(Collected data)
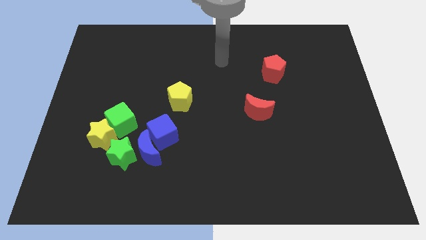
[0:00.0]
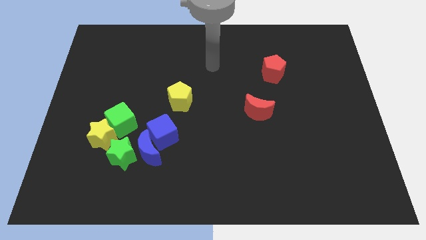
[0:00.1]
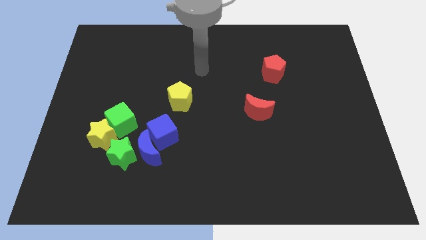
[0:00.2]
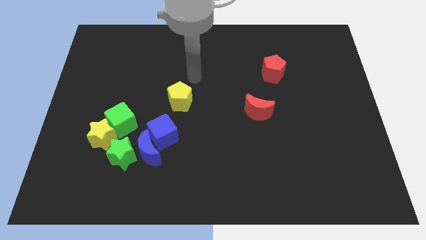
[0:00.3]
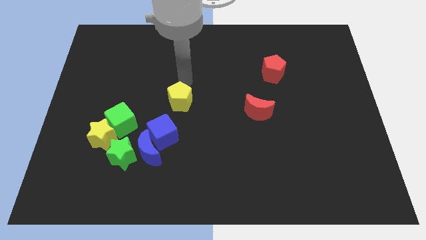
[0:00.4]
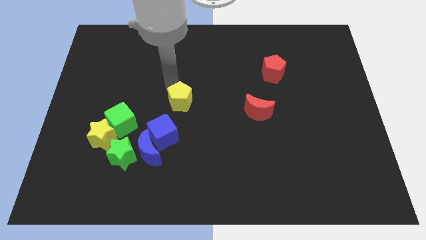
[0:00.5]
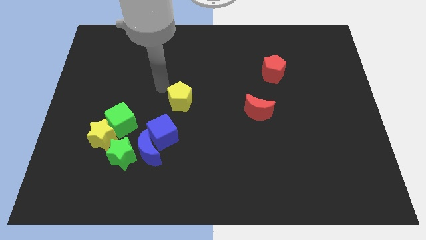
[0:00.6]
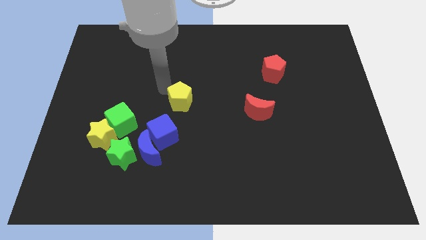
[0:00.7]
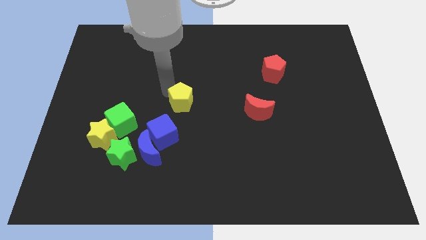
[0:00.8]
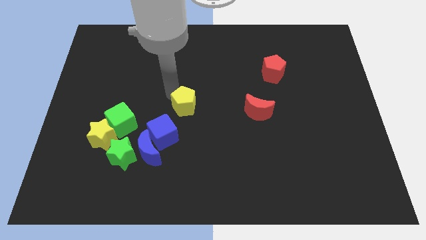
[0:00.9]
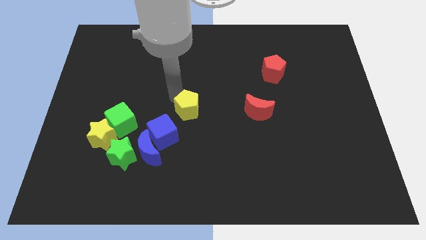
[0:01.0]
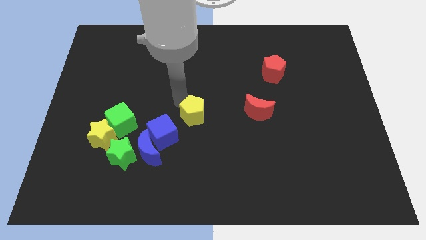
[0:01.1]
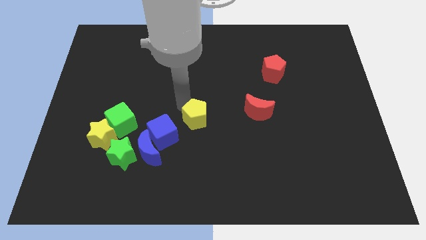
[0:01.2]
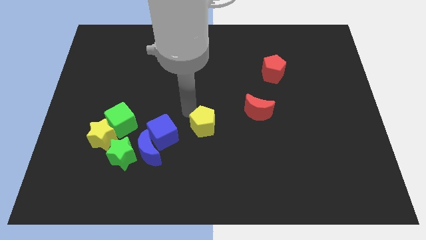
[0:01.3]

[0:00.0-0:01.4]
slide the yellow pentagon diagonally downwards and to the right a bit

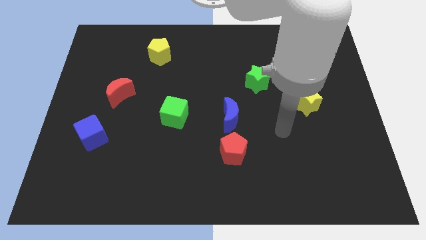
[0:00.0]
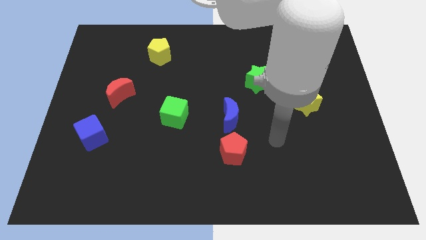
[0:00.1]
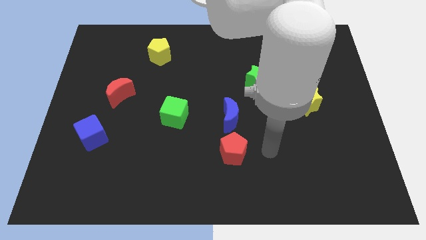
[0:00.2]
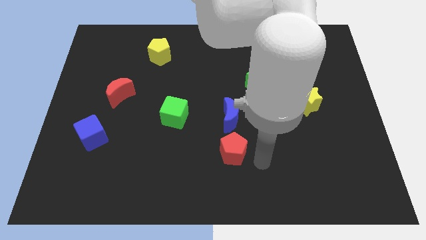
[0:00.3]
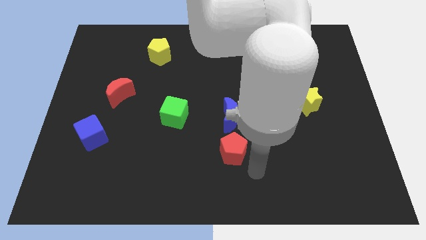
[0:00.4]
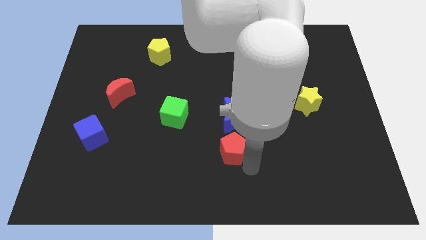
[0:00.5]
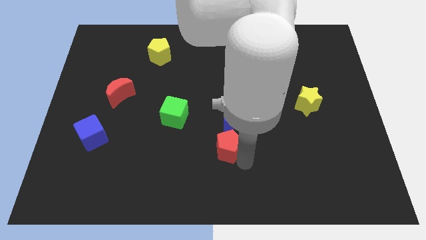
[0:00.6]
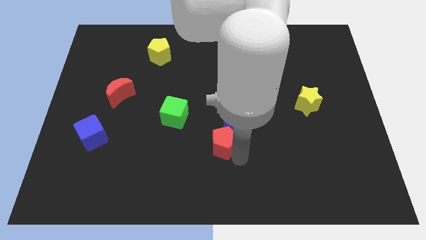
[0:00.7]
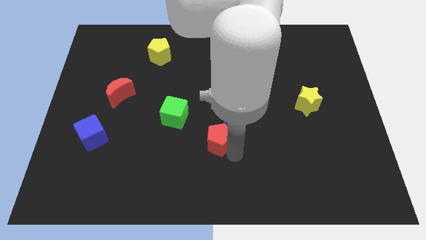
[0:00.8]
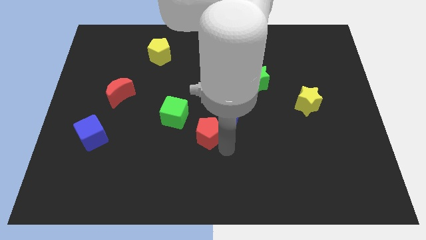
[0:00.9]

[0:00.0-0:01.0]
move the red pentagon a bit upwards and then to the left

■ Exercise brief
Your answer must be the records above, word for word, with no pictures.

■ Answer to the problem
[0:00.0]
[0:00.1]
[0:00.2]
[0:00.3]
[0:00.4]
[0:00.5]
[0:00.6]
[0:00.7]
[0:00.8]
[0:00.9]
[0:01.0]
[0:01.1]
[0:01.2]
[0:01.3]

[0:00.0-0:01.4]
slide the yellow pentagon diagonally downwards and to the right a bit

[0:00.0]
[0:00.1]
[0:00.2]
[0:00.3]
[0:00.4]
[0:00.5]
[0:00.6]
[0:00.7]
[0:00.8]
[0:00.9]

[0:00.0-0:01.0]
move the red pentagon a bit upwards and then to the left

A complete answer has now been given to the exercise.